The James Hutton Institute, Craigiebuckler, Aberdeen AB15 8QH, UK.
J Environ Manage. 2012 Aug 15;104:158-65. doi: 10.1016/j.jenvman.2012.03.024. Epub 2012 Apr 10.
Carbon storage (carbon density; kg C m(2)), concentrations of dissolved organic carbon (DOC) in soil pore water and soil respiration (g C m(2) yr(-1)) were measured in a 35 year old urban lawn soil amended with a surface mulch application of green waste compost and compared to those in two newly created urban soils, manufactured by mixing different volumes of green waste compost with existing soils or soil forming materials. The aim was to determine C storage and calculate annual fluxes in two newly created urban soils compared to an existing urban soil, to establish the potential for maintaining and building carbon storage. In the lawn soil, organic carbon storage was largely limited to the upper 15 cm of the soil, with material below 30 cm consisting of substantial amounts of alkaline building debris augmenting sandstone parent material. Leaching of DOC directly from the surface applied compost mulch amendment was readily mobile within the upper 15 cm of soil beneath, but not to 30 cm depth, indicating limited vertical redistribution of the soluble organic C fraction to the deeper, technic horizons. Only a very small proportion of annual C losses were attributable to DOC export (≤ 0.5%) whilst a much greater amount was accounted for by soil respiration (∼20%). In the two newly created urban soils, ≤ 30% additions of compost mixed with existing soil forming materials trebled C densities from <2 to 6 kg total carbon (TC) m(2), surpassing those of the existing lawn soil (≤ 5 kg TC m(2)). Adding 45% compost served only to reduce bulk density so that C densities did not increase further until >50% compost was applied. Combined increases in soil respiration losses and DOC leaching associated with higher compost application rates suggested that volumes of ∼30% compost were altogether optimal for sustainable C storage whilst minimising annual losses. Thus repeated applications of small amounts, rather than single applications of large amounts of green waste compost could be most effective at maintaining and building C storage in urban soils.
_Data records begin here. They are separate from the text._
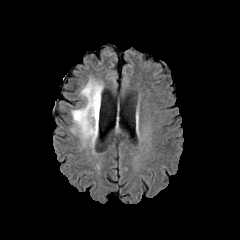
FLAIR MR image.
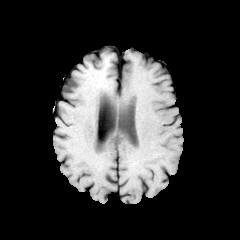
T1-weighted magnetic resonance of the same slice.
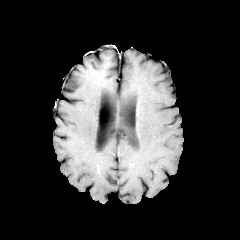
Post-contrast T1-weighted MR.
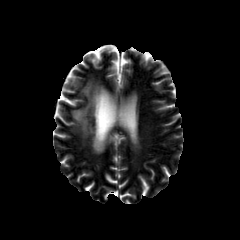
T2-weighted magnetic resonance of the same slice.
edema:
  - (71, 78, 103, 147)
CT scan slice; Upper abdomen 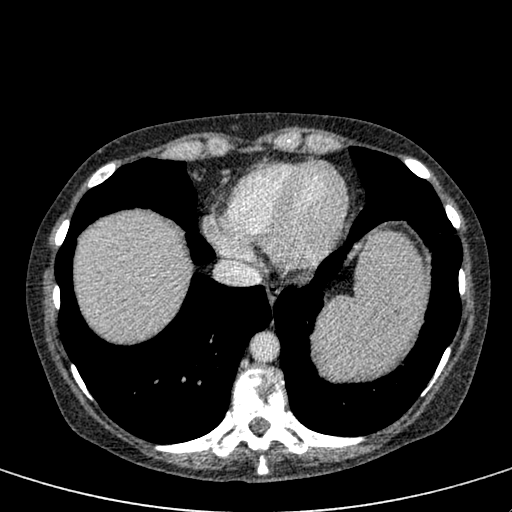
Annotated regions:
* liver: x1=75 y1=214 x2=188 y2=340
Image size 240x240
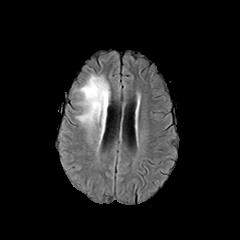
FLAIR MR.
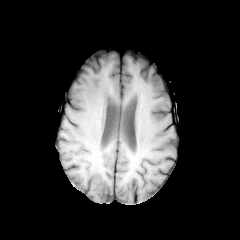
T1-weighted MR of the same slice.
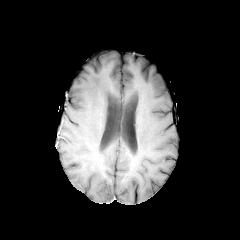
Post-contrast T1-weighted MR.
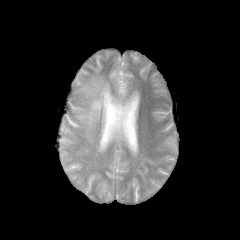
T2-weighted MR.
Edema: 75, 73, 110, 150.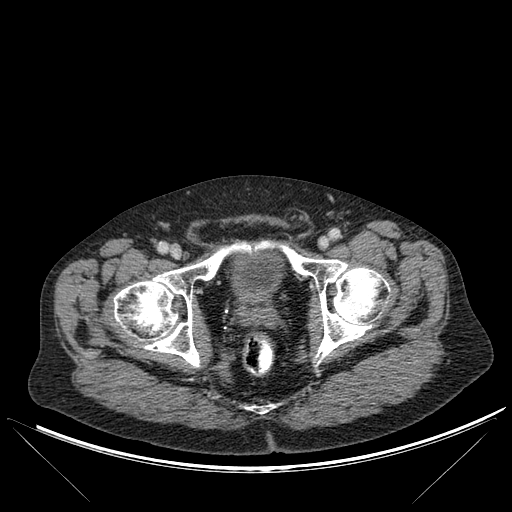

CT

3 bone regions are bounded by [114,241,276,366], [278,245,388,358], [250,404,274,413].
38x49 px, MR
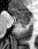 Posterior hippocampus: (x1=17, y1=21, x2=29, y2=28).
Anterior hippocampus: (x1=8, y1=8, x2=30, y2=21).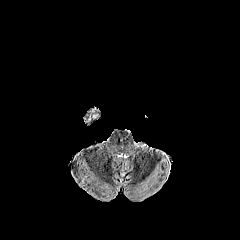
FLAIR MR image.
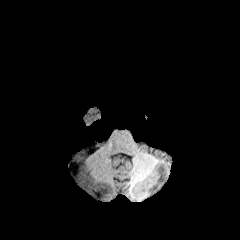
Same slice, T1-weighted MR image.
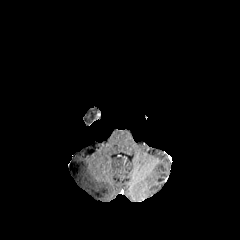
Post-contrast T1-weighted MRI.
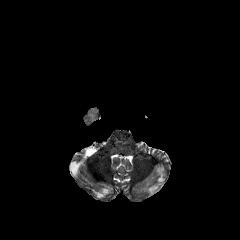
T2-weighted MR.
The edema is at x1=83, y1=112, x2=91, y2=123.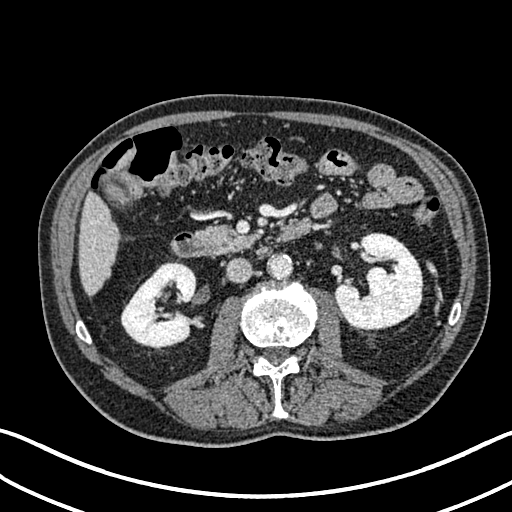

Upper abdomen, CT scan slice
Liver — box=[78, 191, 118, 294]; box=[113, 149, 135, 170].
Kidney — box=[335, 234, 422, 328]; box=[122, 263, 195, 347].
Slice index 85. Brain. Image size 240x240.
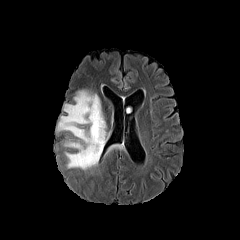
FLAIR magnetic resonance.
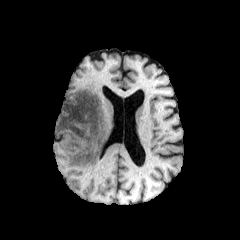
T1-weighted MR of the same slice.
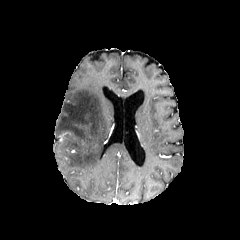
Post-contrast T1-weighted MR image.
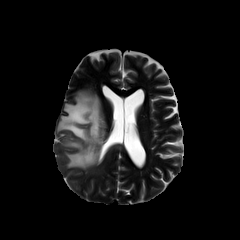
T2-weighted magnetic resonance.
edema:
  - 57 90 109 170
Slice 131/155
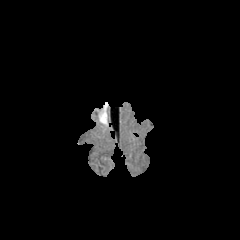
FLAIR MRI.
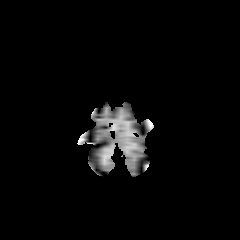
T1-weighted magnetic resonance.
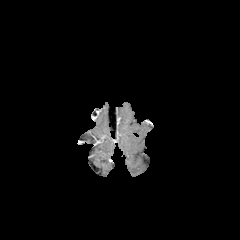
Post-contrast T1-weighted MR image.
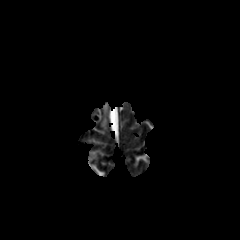
T2-weighted MR image of the same slice.
edema: (x1=98, y1=102, x2=107, y2=125)
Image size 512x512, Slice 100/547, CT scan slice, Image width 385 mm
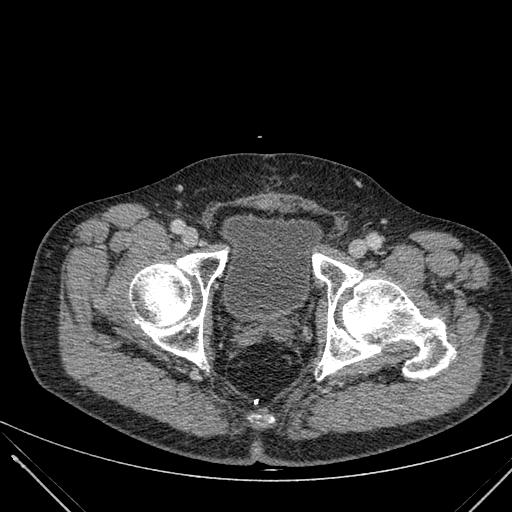 The urinary bladder is bounded by (222,215,323,314).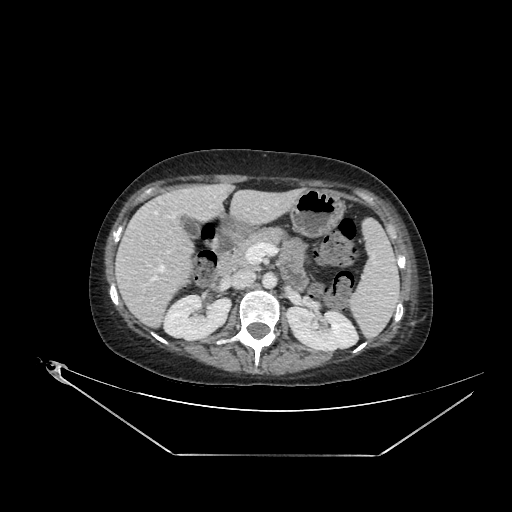

Image size 512x512; CT scan slice

Annotated regions:
- kidney: [287,307,357,350], [164,295,230,339]
- liver: [114,184,235,328]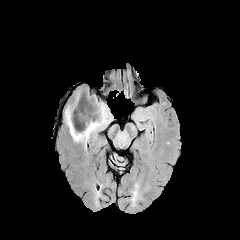
FLAIR MR image.
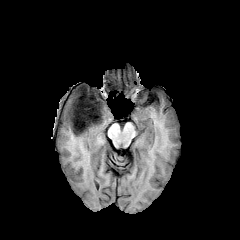
T1-weighted magnetic resonance.
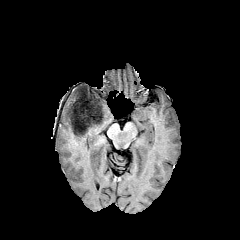
Same slice, post-contrast T1-weighted MR image.
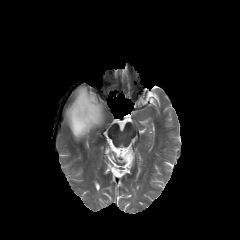
T2-weighted MRI.
Image size 240x240.
Edema — bbox(64, 100, 108, 146).
Non-enhancing tumor core — bbox(73, 95, 102, 134).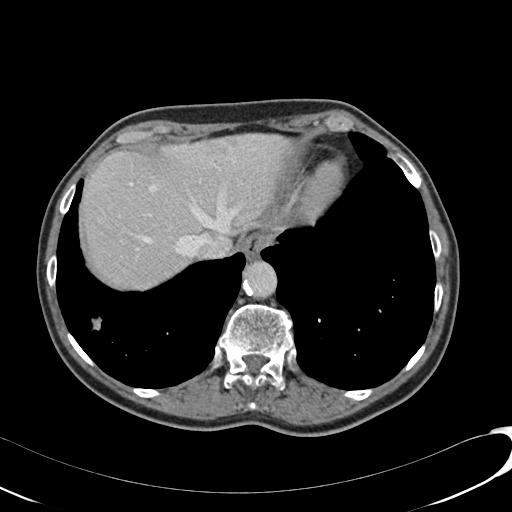
CT, 512x512 px
Segmented structures:
* liver lesion: <bbox>211, 144, 226, 153</bbox>, <bbox>226, 137, 237, 146</bbox>
* liver: <bbox>82, 134, 292, 287</bbox>

碳储量(碳密度;kg C m(-2))、土壤孔隙水中溶解有机碳(DOC)浓度和土壤呼吸(g C m(-2) yr(-1)))在 35 年生的城市草坪土壤中进行了测量,该土壤用表面覆盖的绿肥堆肥进行了施肥,并与两种新创建的城市土壤进行了比较,这两种城市土壤是通过混合不同体积的绿肥堆肥与现有土壤或土壤形成材料制成的。目的是确定两种新创建的城市土壤与现有城市土壤相比的碳储量和计算年通量,以确定维持和增加碳储量的潜力。在草坪土壤中,有机碳储量主要局限于土壤上层 15cm 以内,30cm 以下的物质主要是大量碱性建筑碎片,增加了砂岩母质。直接从表面施用的堆肥覆盖物中淋滤出的 DOC 在土壤上层 15cm 以下很容易移动,但不会移动到 30cm 深度,表明可溶有机 C 部分向更深的技术层的垂直再分配有限。只有很小一部分(≤0.5%)的年碳损失归因于 DOC 输出,而更多的碳损失归因于土壤呼吸(∼20%)。在两种新创建的城市土壤中,将堆肥与现有土壤形成材料混合添加量达到 30%,将 C 密度从<2 倍增加到 6kg 总碳(TC)m(-2),超过了现有草坪土壤(≤5kg TC m(-2))。添加 45%的堆肥仅降低了容重,因此在添加>50%的堆肥之前,C 密度不会进一步增加。随着堆肥施用量的增加,土壤呼吸损失和 DOC 淋出量的增加表明,30%左右的堆肥量是可持续碳储存的最佳量,同时最大限度地减少了年损失。因此,在城市土壤中,重复施用少量而非单次施用大量绿肥堆肥可能是维持和增加碳储量最有效的方法。